Auto-retrato do Escritor Enquanto Corredor de Fundo
Autor: Haruki Murakami
Título original: Hashiru Koto Ni Tsuite Kataru Toki Ni Boku No Kataru Koto
Tradução: Maria João Lourenço
Editora: Casa das Letras
N.º de páginas: 186
ISBN: 978-972-46-1923-1
Ano de publicação: 2009
No final da década de 70, Haruki Murakami geria um clube de jazz perto da estação de Sendagaya, em Tóquio. Foi então que decidiu escrever um romance, ideia que lhe ocorreu enquanto assistia a um jogo de basebol. A maior parte das pessoas que decidem escrever um romance nunca chegam a escrever um romance, mas Murakami, na altura quase a fazer trinta anos, não é como a maior parte das pessoas. E lá escreveu, madrugada fora e à mão, depois de fechar as contas do dia, o seu primeiro livro (Escutem o Canto do Vento, nunca traduzido para português). Seguiu-se um outro (Pinball, 1973), redigido nas mesmas precárias condições, pelo que Murakami decidiu, «contra tudo e contra todos», abandonar os negócios da noite para viver apenas da escrita. Opção arriscada mas acertadíssima, até porque o terceiro romance (Em Busca do Carneiro Selvagem) marcou o início da sua rápida ascensão no meio literário.
Estávamos em 1982. Murakami, para se manter em forma, cortou com o tabaco (fumava três maços por dia) e começou a correr todas as manhãs.
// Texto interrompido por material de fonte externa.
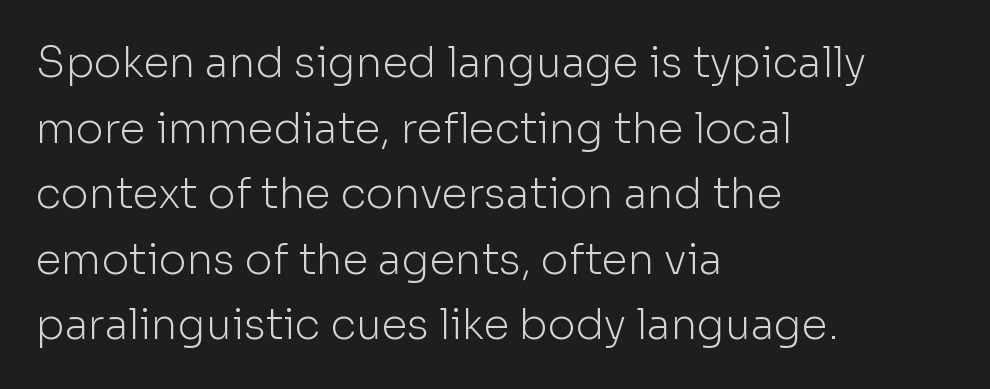
The image shows 42 px light sans-serif type, upright; set left-aligned, normal line spacing (1.56x), normal letter spacing, not underlined; low stroke contrast and a medium x-height.
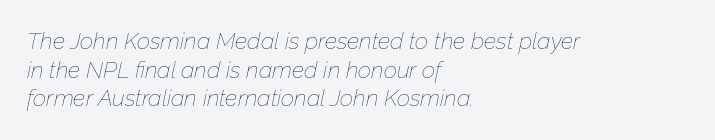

De então para cá, mantém uma média semanal de 60 quilómetros e disputa uma maratona por ano. Embora não seja um Carlos Lopes, ou sequer um Toshihiko Seko (para referir um dos melhores fundistas japoneses, com quem por vezes se cruzou), o escritor leva muito a sério a sua actividade desportiva, preparando-se para cada corrida com um regime de treinos rigorosos, aqui e ali complementados com umas sessões de squash e umas provas de triatlo.
É justamente a longa preparação para uma maratona específica (a de Nova Iorque, em Novembro de 2005) que estrutura esta «espécie de livro de memórias», em que Murakami evoca os seus primeiros tempos de escritor, no tal clube perto de Sendagaya, e reúne dezenas de breves «reflexões pessoais sobre a corrida». Ao longo de vários meses, com passagens pela ilha de Kauai (Havai), por Tóquio e Cambridge (Massachusetts), acompanhamos em detalhe as suas rotinas diárias, as suas obsessões e idiossincrasias. Em excessivo detalhe, diga-se. Sobre o desportista, ficamos a saber quase tudo: que aprecia o balouçar dos rabos-de-cavalo das alunas de Harvard, quando estas o deixam para trás nos trilhos junto ao rio Charles; que a música escutada no seu leitor de minidiscos (Lovin’ Spoonful e Red Hot Chili Peppers, mas também Creedence Clearwater Revival e Eric Clapton) o ajuda a manter o ritmo das passadas; que usa sapatilhas Mizuno; que tem o título de uma canção de Bryan Adams (18 Til I Die), sim, Bryan Adams, inscrito na sua bicicleta de titânio; etc. Sobre o escritor, porém, ficamos a saber quase nada.

Murakami na estrada, entre Atenas e Maratona (fotografia de M. Kageyama)
Parte da desilusão que o livro nos provoca nasce desta opacidade, deste exibicionismo um pouco fútil, que se perde em irrelevâncias enfadonhas e faz até da insistência nas próprias limitações – as marcas da idade, o sofrimento físico, o declínio atlético – uma espécie de retorcida glorificação pessoal. Murakami acredita que «escrever romances e correr a maratona são coisas muito parecidas», porque em ambos os casos é necessária «uma motivação interior, uma força calma que não precisa de aprovação nem de ser validada através de critérios exteriores». A analogia é legítima, claro, mas Murakami nunca a aprofunda, ficando-se por generalidades, pensamentos soltos, aforismos descosidos, frases de efeito fácil. Às tantas, por exemplo, afirma: «Quase tudo o que sei como escritor aprendi-o correndo na rua todos os dias». Refere-se à concentração, à persistência, à vontade de superar os objectivos a que se propõe. Mas não imaginamos Nabokov a dizer «quase tudo o que sei como escritor aprendi-o a apanhar lepidópteros nos bosques», pois não?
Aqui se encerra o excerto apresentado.